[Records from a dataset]
+-------+
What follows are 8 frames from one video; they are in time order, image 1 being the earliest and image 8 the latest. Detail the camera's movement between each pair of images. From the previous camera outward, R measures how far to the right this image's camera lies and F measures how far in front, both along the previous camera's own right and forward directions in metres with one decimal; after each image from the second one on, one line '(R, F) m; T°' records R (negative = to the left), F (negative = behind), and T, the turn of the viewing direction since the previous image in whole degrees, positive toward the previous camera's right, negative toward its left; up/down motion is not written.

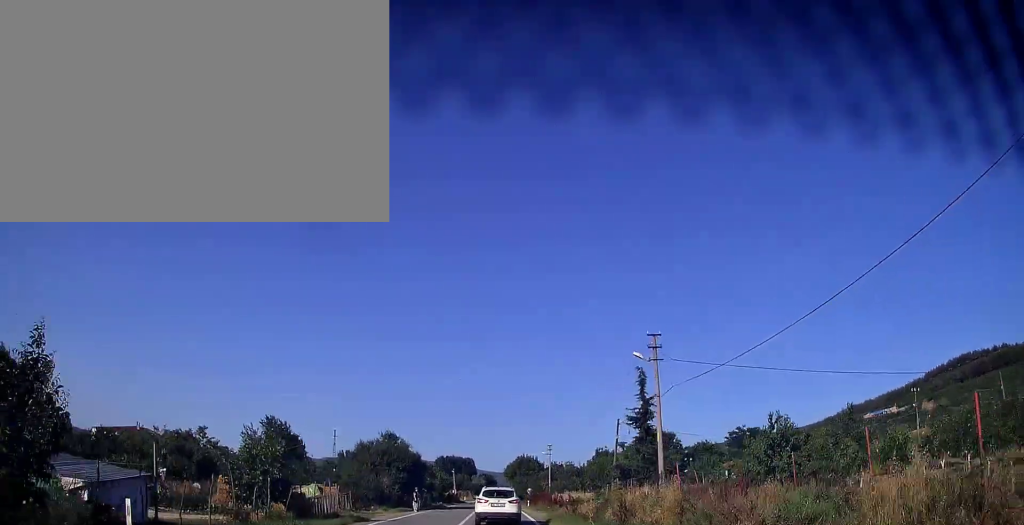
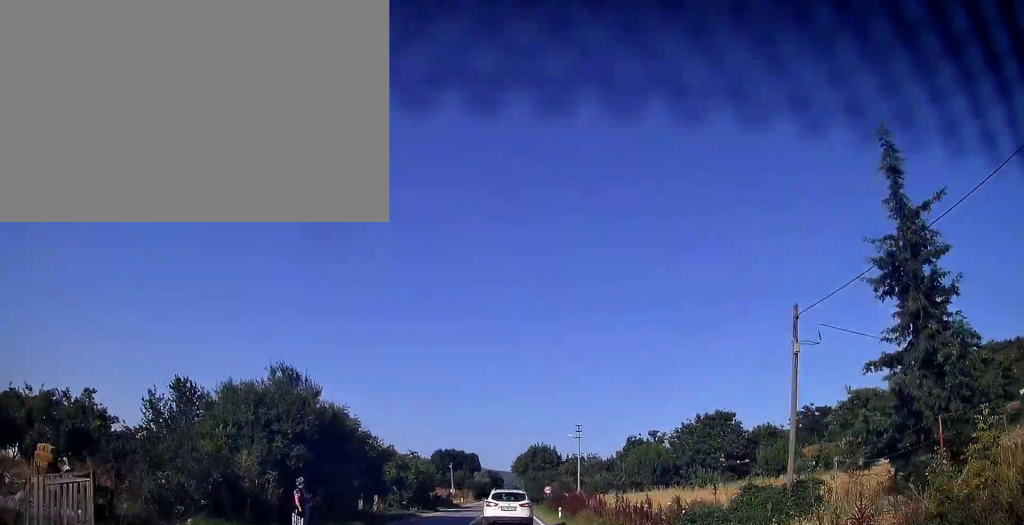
(-0.4, +24.1) m; -1°
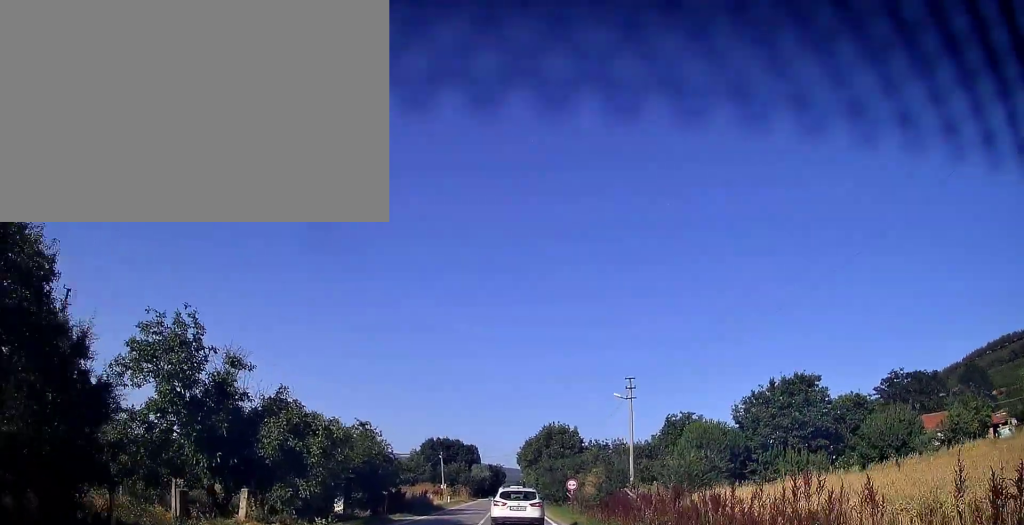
(+0.1, +22.4) m; 0°
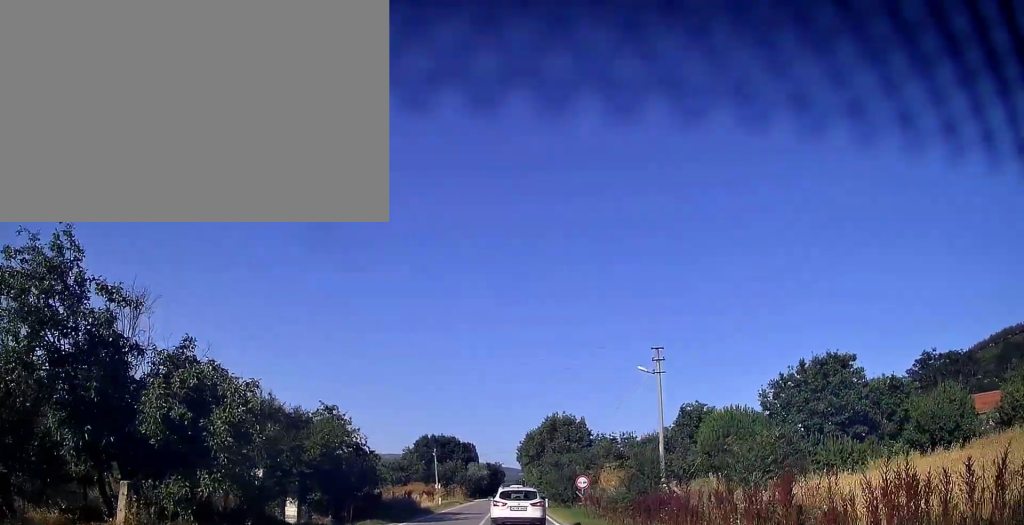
(-0.1, +7.0) m; 0°
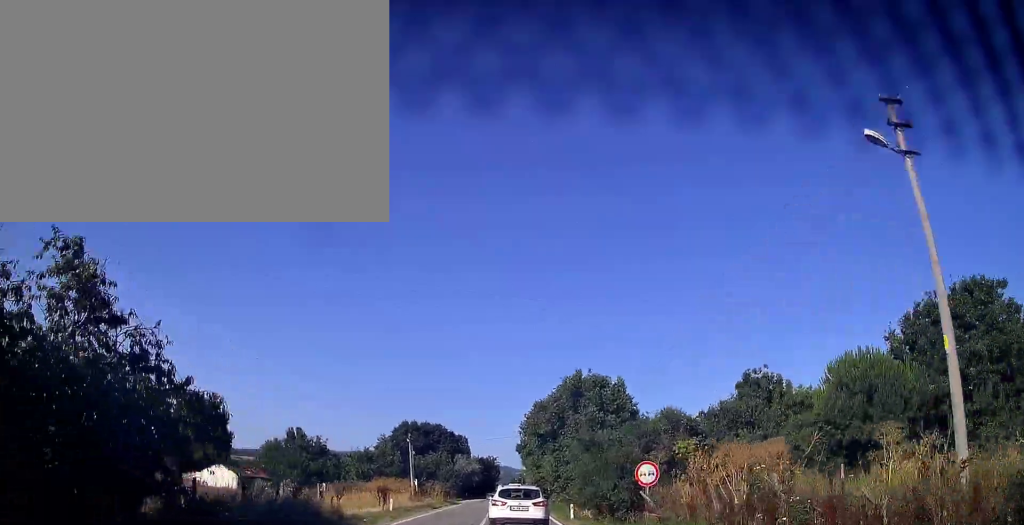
(+0.1, +19.9) m; +1°
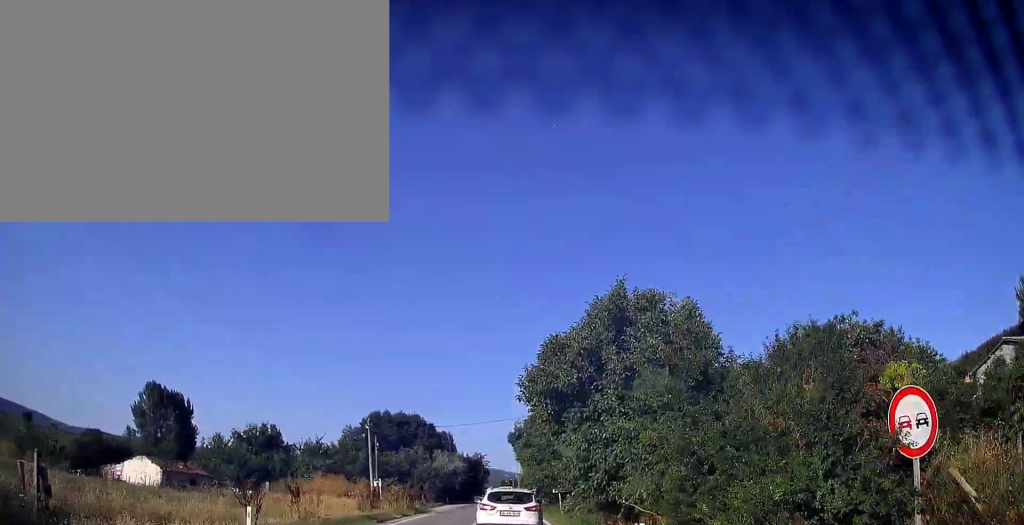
(+0.1, +15.8) m; +1°
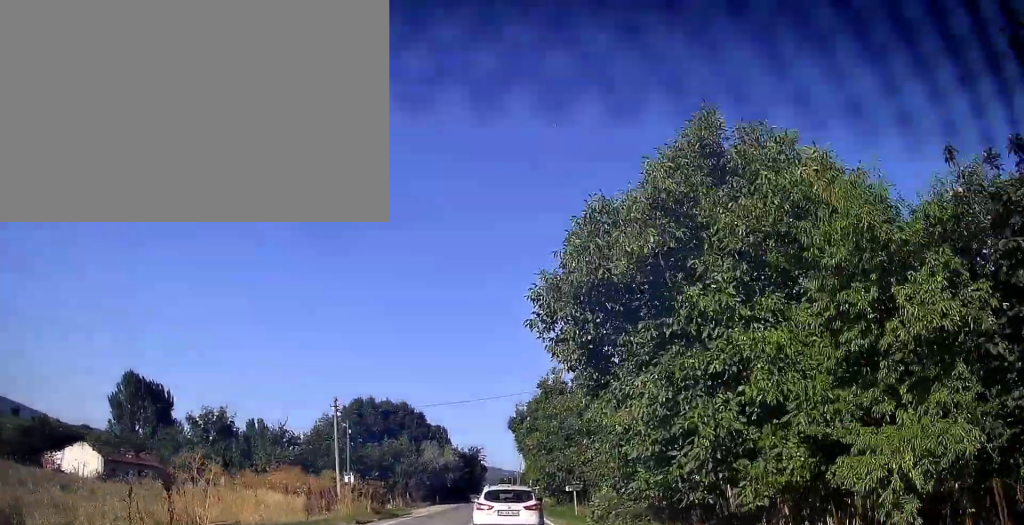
(0.0, +9.9) m; 0°
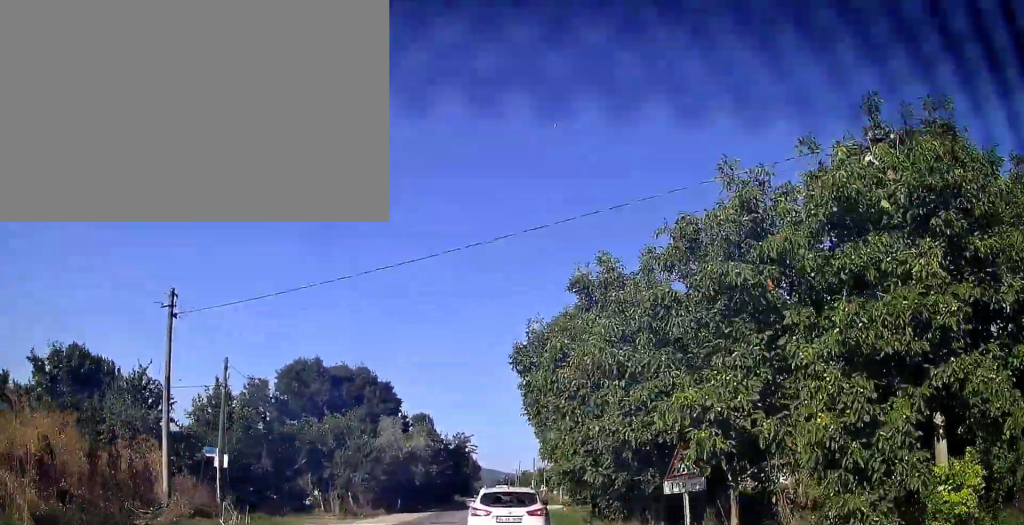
(+0.1, +20.8) m; 0°
+-------+
WORK ORDER:
Print the records above verbatim, pictures excluded.

OUTPUT BELOW:
What follows are 8 frames from one video; they are in time order, image 1 being the earliest and image 8 the latest. Detail the camera's movement between each pair of images. From the previous camera outward, R measures how far to the right this image's camera lies and F measures how far in front, both along the previous camera's own right and forward directions in metres with one decimal; after each image from the second one on, one line '(R, F) m; T°' records R (negative = to the left), F (negative = behind), and T, the turn of the viewing direction since the previous image in whole degrees, positive toward the previous camera's right, negative toward its left; up/down motion is not written.

(-0.4, +24.1) m; -1°
(+0.1, +22.4) m; 0°
(-0.1, +7.0) m; 0°
(+0.1, +19.9) m; +1°
(+0.1, +15.8) m; +1°
(0.0, +9.9) m; 0°
(+0.1, +20.8) m; 0°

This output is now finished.